> **RECORDS FOR THIS EXERCISE**:
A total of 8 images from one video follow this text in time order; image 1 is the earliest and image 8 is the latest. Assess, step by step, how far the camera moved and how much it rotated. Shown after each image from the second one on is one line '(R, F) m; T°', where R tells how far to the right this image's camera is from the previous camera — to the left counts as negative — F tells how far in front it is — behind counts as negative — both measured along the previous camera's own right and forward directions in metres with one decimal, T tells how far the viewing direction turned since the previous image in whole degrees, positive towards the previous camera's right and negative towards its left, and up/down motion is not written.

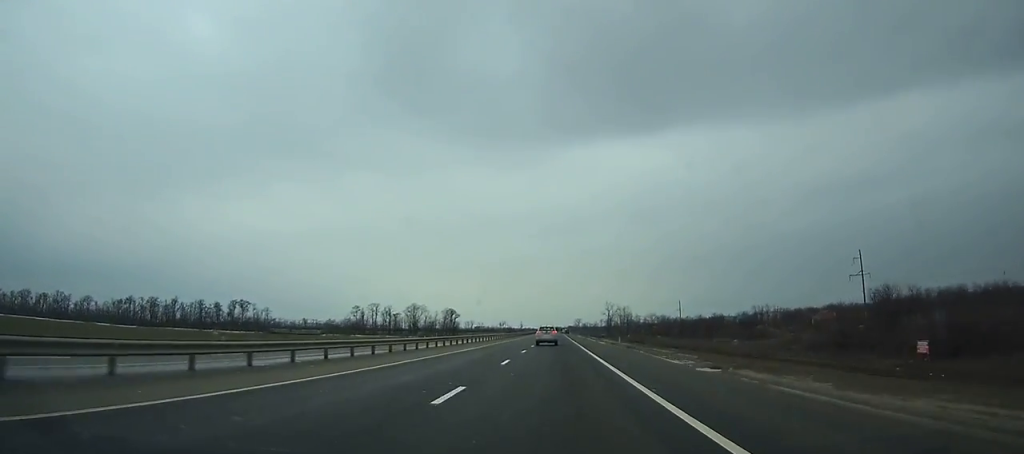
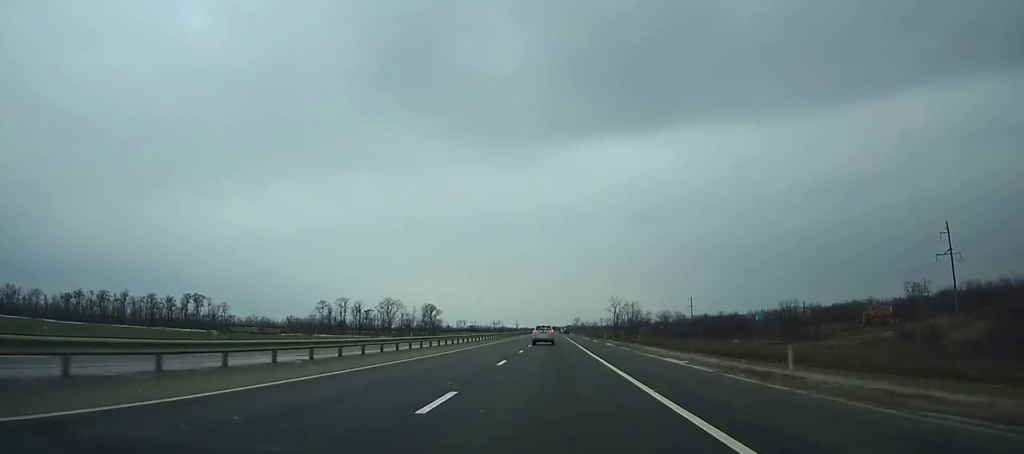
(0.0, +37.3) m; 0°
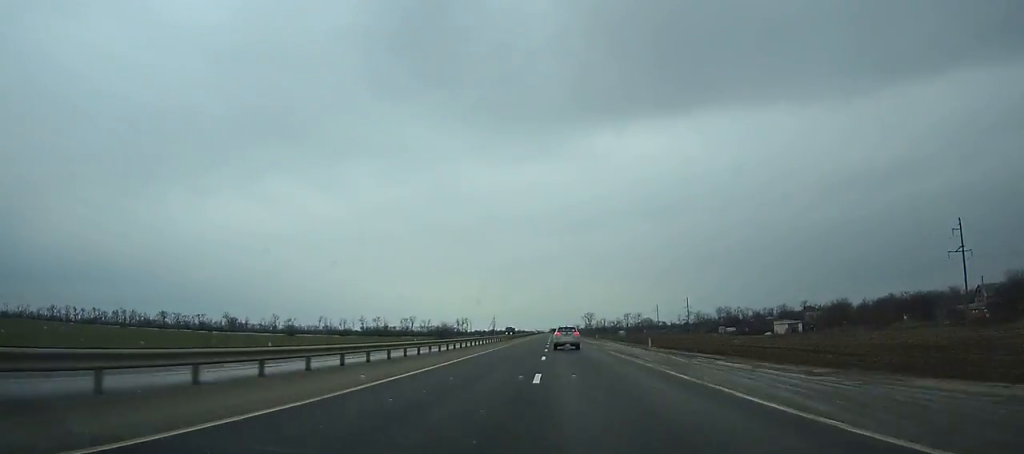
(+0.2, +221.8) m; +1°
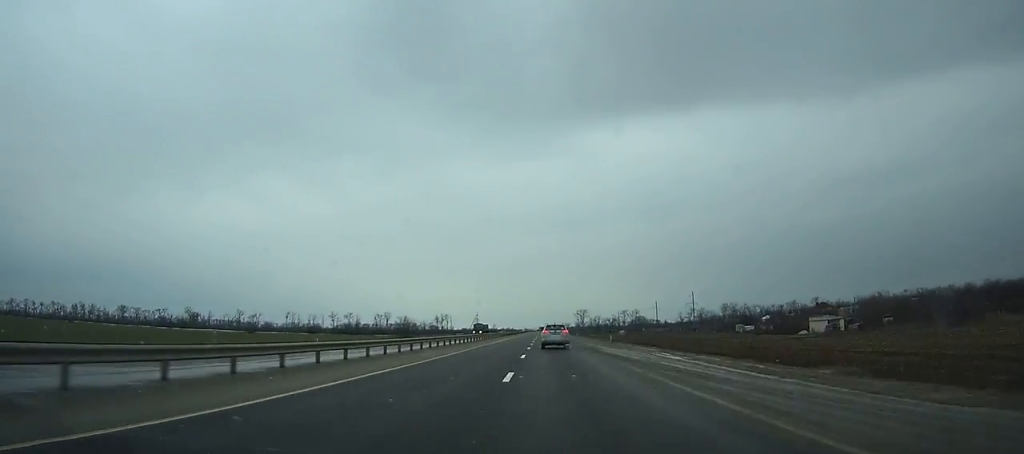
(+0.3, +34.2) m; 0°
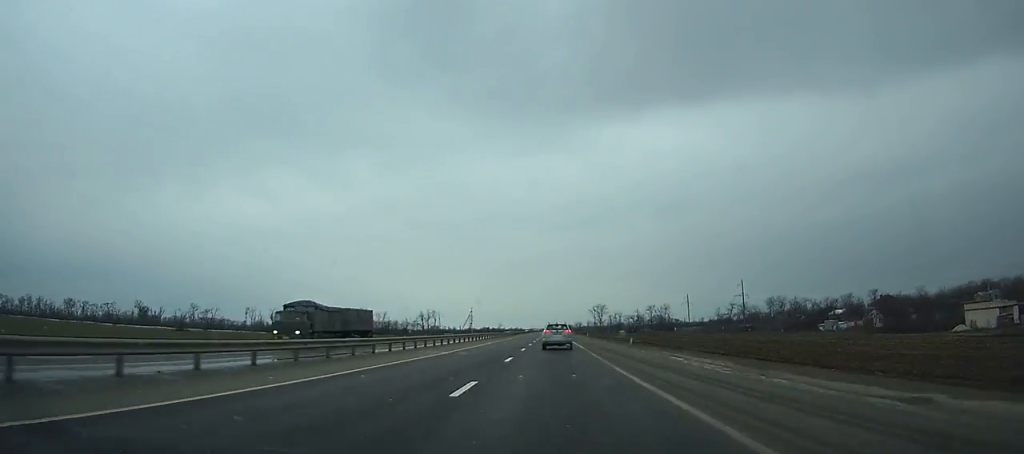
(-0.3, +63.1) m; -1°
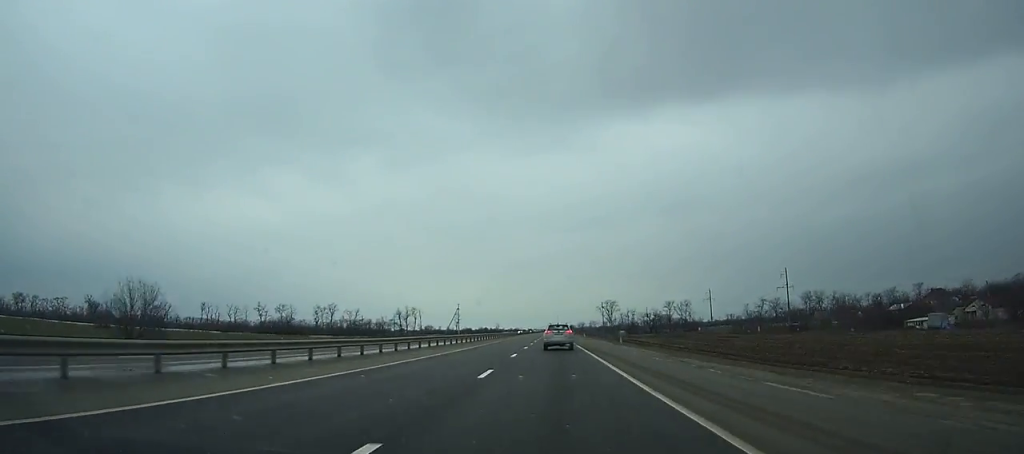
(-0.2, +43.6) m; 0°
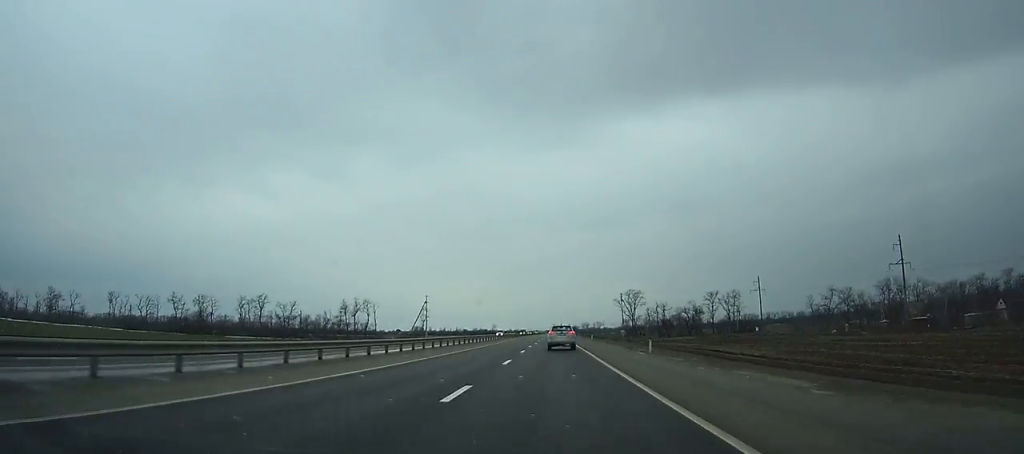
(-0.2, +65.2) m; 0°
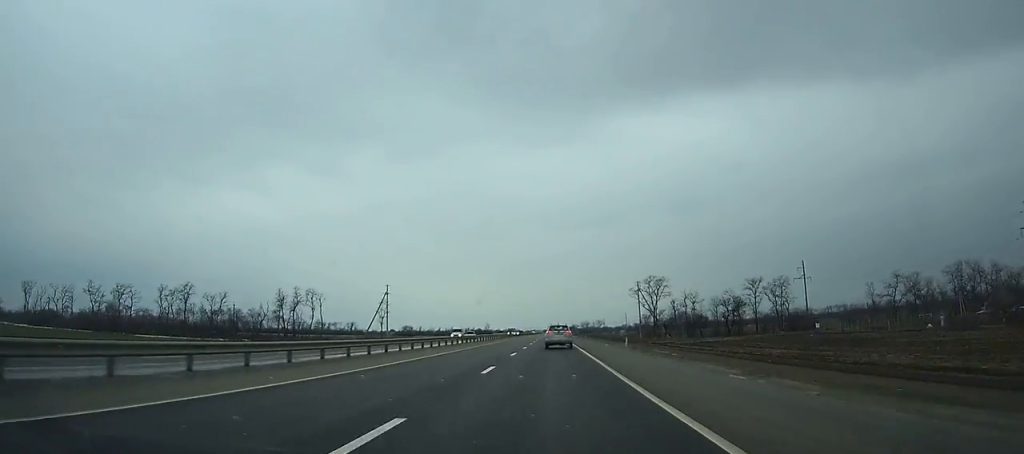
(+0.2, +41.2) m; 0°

> **WHAT IS NEEDED**: The expected output is every record above, copied exactly, without pictures.

> **RESPONSE TO THIS EXERCISE**:
A total of 8 images from one video follow this text in time order; image 1 is the earliest and image 8 is the latest. Assess, step by step, how far the camera moved and how much it rotated. Shown after each image from the second one on is one line '(R, F) m; T°', where R tells how far to the right this image's camera is from the previous camera — to the left counts as negative — F tells how far in front it is — behind counts as negative — both measured along the previous camera's own right and forward directions in metres with one decimal, T tells how far the viewing direction turned since the previous image in whole degrees, positive towards the previous camera's right and negative towards its left, and up/down motion is not written.

(0.0, +37.3) m; 0°
(+0.2, +221.8) m; +1°
(+0.3, +34.2) m; 0°
(-0.3, +63.1) m; -1°
(-0.2, +43.6) m; 0°
(-0.2, +65.2) m; 0°
(+0.2, +41.2) m; 0°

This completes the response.